We moved to Portland a few years ago for a job opportunity that my husband couldn’t pass up.  Because you’ve been here, Wil (and talk about moving here), you know what a beautiful city this is. It has many qualities that I love in a home. I have always taken regular trips out into the country wherever I’ve lived because it gives me space and a sense of balance. Here, it’s fairly easy to leave – and what a glorious wilderness that surrounds us too.  I go hiking regularly. There are city parks here where you can hike and be in the middle of a deep forest. I also love the food culture here. In St. Louis, I had started to become invested in the ethics of food and importance of supporting local farming (and after joining a CSA I also realized that food tastes so much better when you buy it in season from local producers). Compared to St. Louis, Portland is a veritable Eden thanks to its temperate climate. I can’t get enough of the amazing produce.

In its own way, Portland also feels more like rural Iowa than anywhere else I’ve lived (except with far more progressive politics). I suppose that may due in part to the fairly large number of midwestern transplants. Plus, all the gardeners and chicken owners make me nostalgic for our childhood, visiting our grandparents farm where we’d gather eggs or find our grandma picking produce.

W: Q3:What’s it like for you when you return to our farm in Iowa?

B: It’s strange. A lot has changed. The last time I went back I drove through a small town about five miles from our family farm and noticed that the old general store is gone. And I don’t mean closed; I mean gone. The store was located in this old brick building that is now rubble. Our grandparent’s house is gone too, replaced by a green lawn of grass – which I’m still trying to process because I have so many fond memories attached to that big old farmhouse. I’m struck by other changes too. There are more large hog confinement buildings than when I moved away. The demographics of the bigger regional towns are changing, with a growing number of recent immigrants living and working at the meatpacking plants. The diversity is bringing greater breadth in restaurant options and shops, which I enjoy. And it may be a small thing, but I still enjoy those big midwestern sunsets whenever I go back.

W: Q4: You’ve spoken about how academia has impacted your view of your rural upbringing. I’m interested in how the reverse is also true? How did your rural upbringing influence your decision to pursue your phd? How did it influence what you explicitly chose to study?

B: I talked a bit about this in my post on my life one year post-dissertation. As I mentioned there, I think when I first went to college I was interested in learning about topics that seemed exotic to me. But during grad school, I became more interested in issues closer to home, and have done quite a bit of research, for example, on midwestern regional artists.

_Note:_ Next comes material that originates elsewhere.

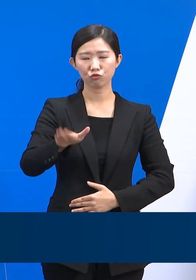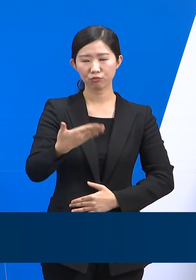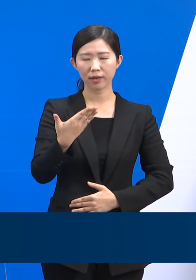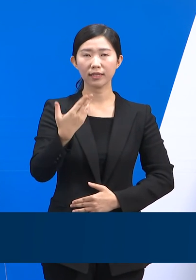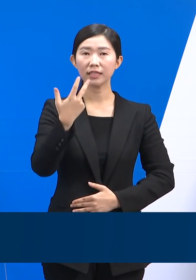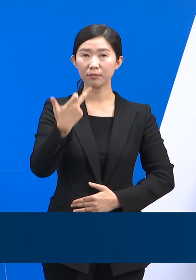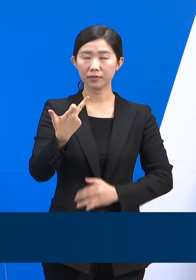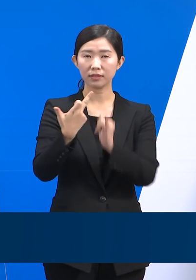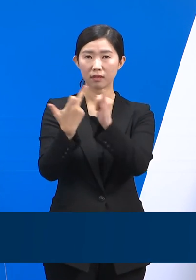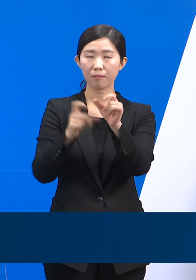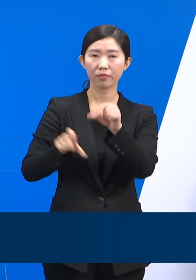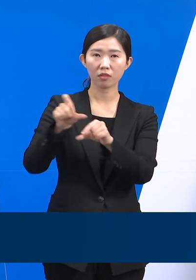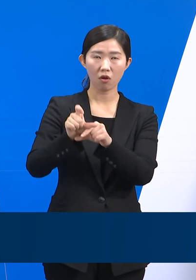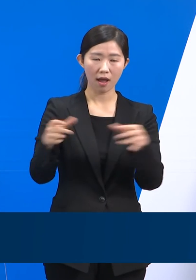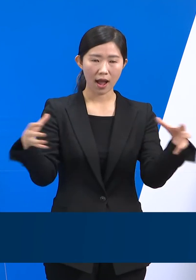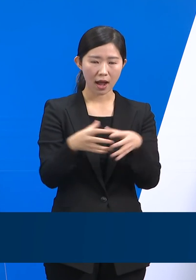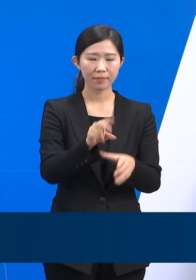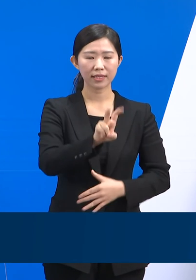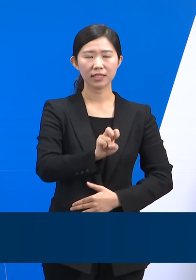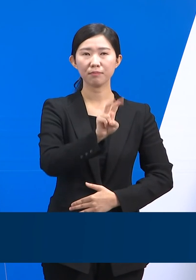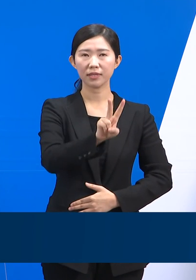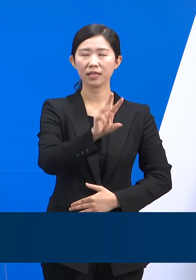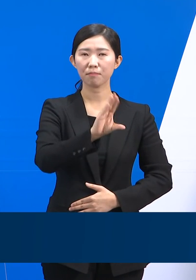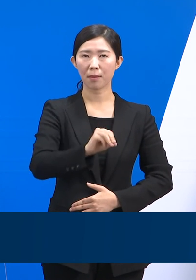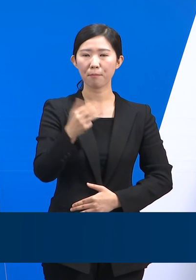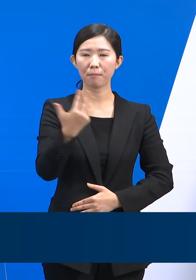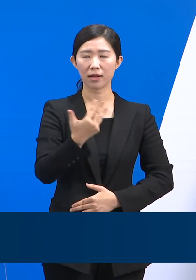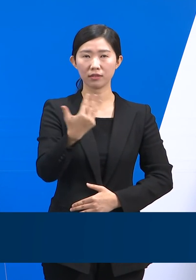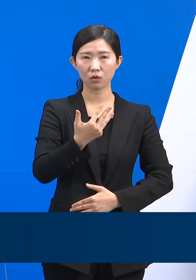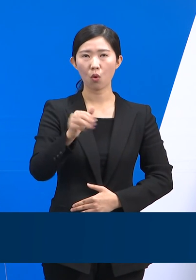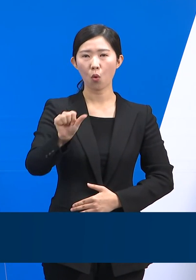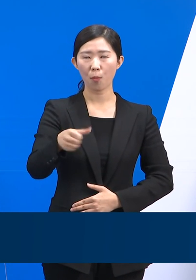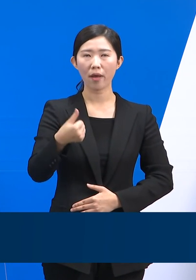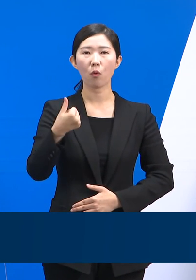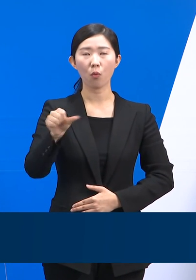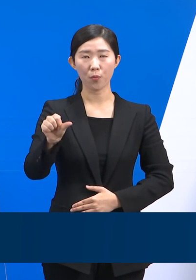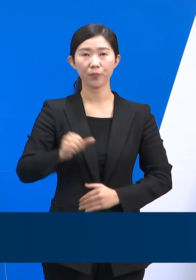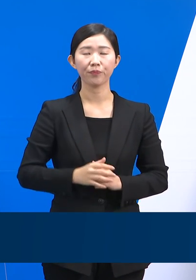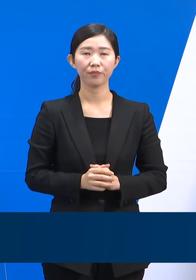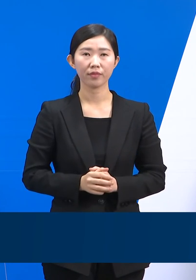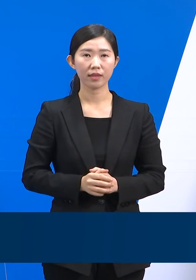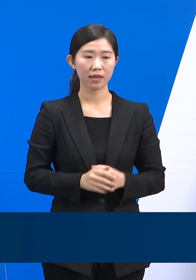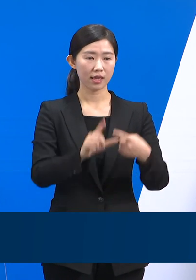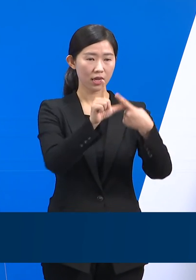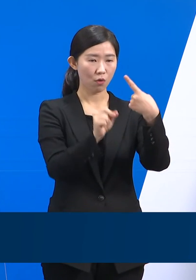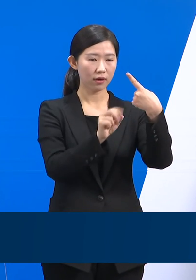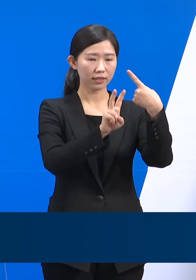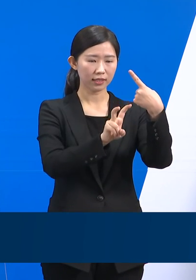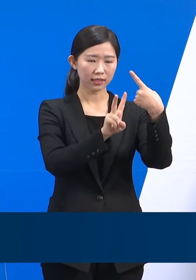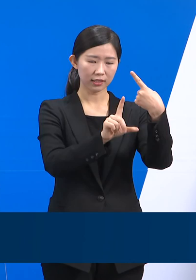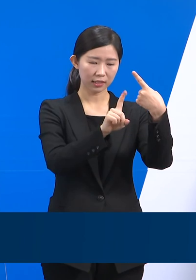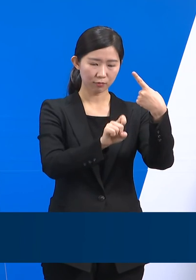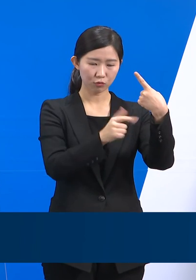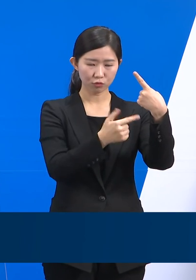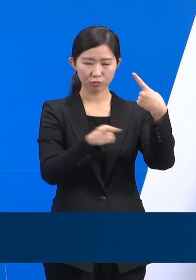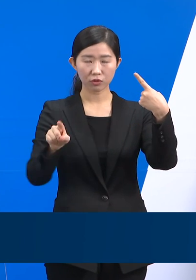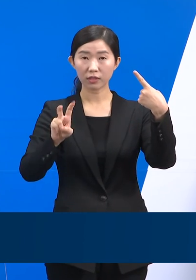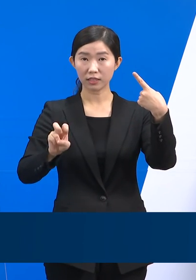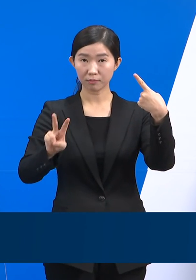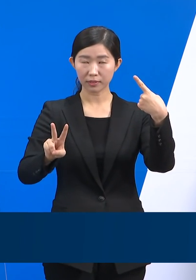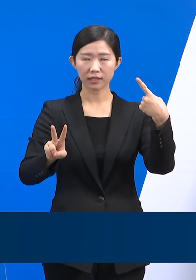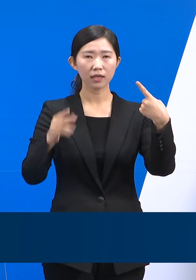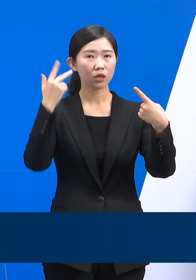증가한 22만 8,505명입니다. 1월 16일부터 1월 22일까지 한 주간 발생한 도내 확진자 수는 15

But as I already mentioned, I’m a bit stubborn. I have this mission to prove to the world that rural midwesterners are not all backwards hicks. So a lot of my work on midwestern art focused on leftist activist artists.

W: Q5:What are the biggest stereotypes about growing up rural that stand out to you?

B: People outside the midwest ask some pretty funny questions when I tell them I’m from Iowa. On the east coast, it’s seems like people usually assumed that everyone in Iowa lives on a farm (nope!). And the farm they imagine too when they say this – it’s always one of those farms you see on a commercial infused with a warm glow, always with a big barn and jersey milking cows (again, nope!). Another funny thing that happens sometimes is that people think I’ll know their other friend from Iowa, as though the entire state is actually just this tiny town of 200 people. Though I admit, sometimes I have known their friends (or we can find some kind of connection through five degrees of separation). I could go on about the assumptions about rural politics, but I’ll leave that for a future post.